Data for analysis
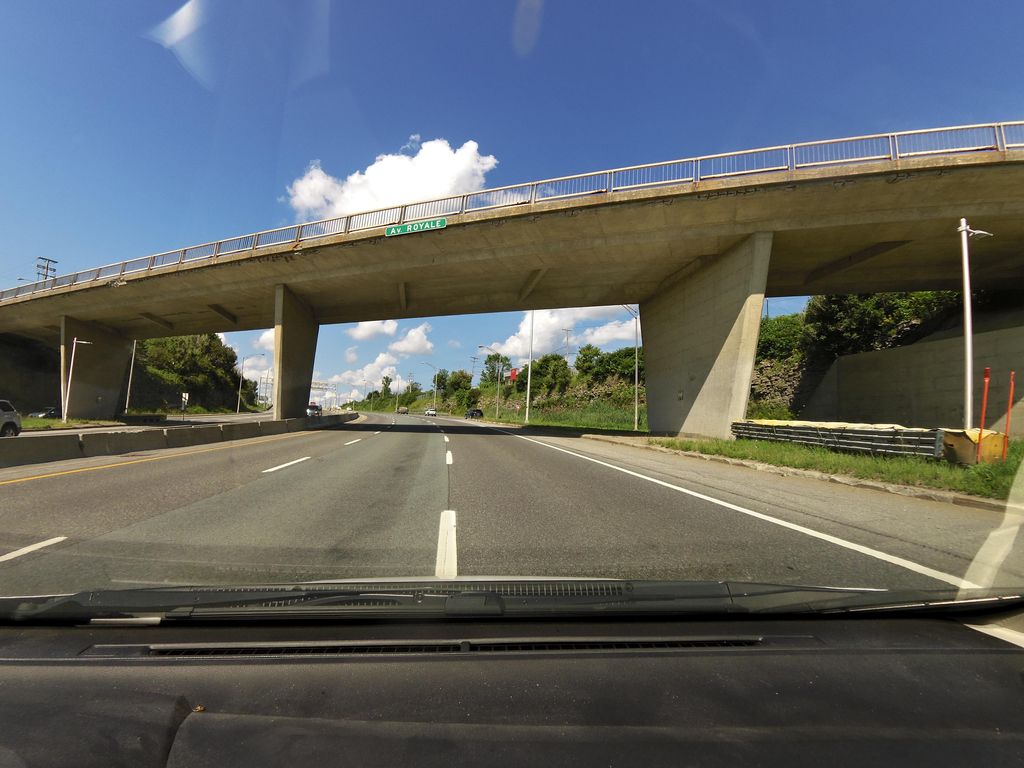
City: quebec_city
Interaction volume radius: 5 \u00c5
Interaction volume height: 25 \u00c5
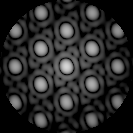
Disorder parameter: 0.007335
...
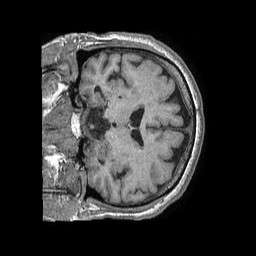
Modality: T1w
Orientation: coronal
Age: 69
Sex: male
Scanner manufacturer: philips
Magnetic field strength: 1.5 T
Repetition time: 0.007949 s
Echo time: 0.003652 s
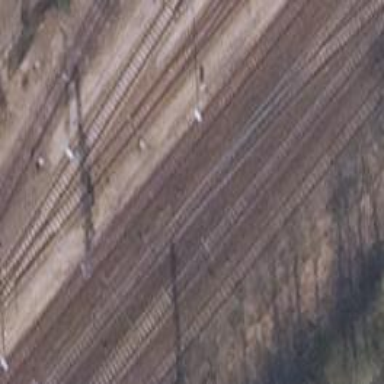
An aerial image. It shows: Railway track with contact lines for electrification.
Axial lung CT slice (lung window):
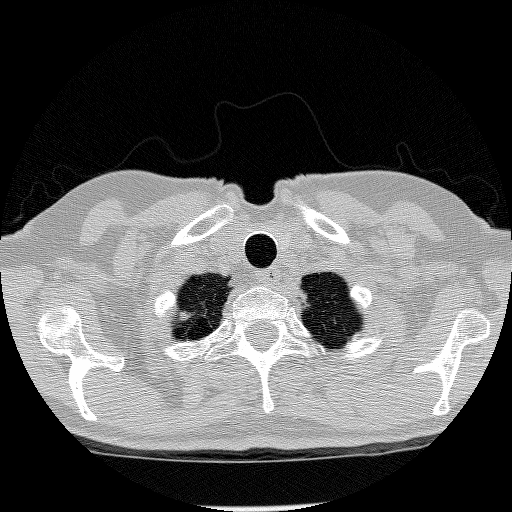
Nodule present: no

What the task asks
Pictures excluded, transcribe the listing above exactly from the line with "Orientation: coronal" through the line with "Nodule present: no", and no further.

Solution for this exercise
Orientation: coronal
Age: 69
Sex: male
Scanner manufacturer: philips
Magnetic field strength: 1.5 T
Repetition time: 0.007949 s
Echo time: 0.003652 s
An aerial image. It shows: Railway track with contact lines for electrification.
Axial lung CT slice (lung window):
Nodule present: no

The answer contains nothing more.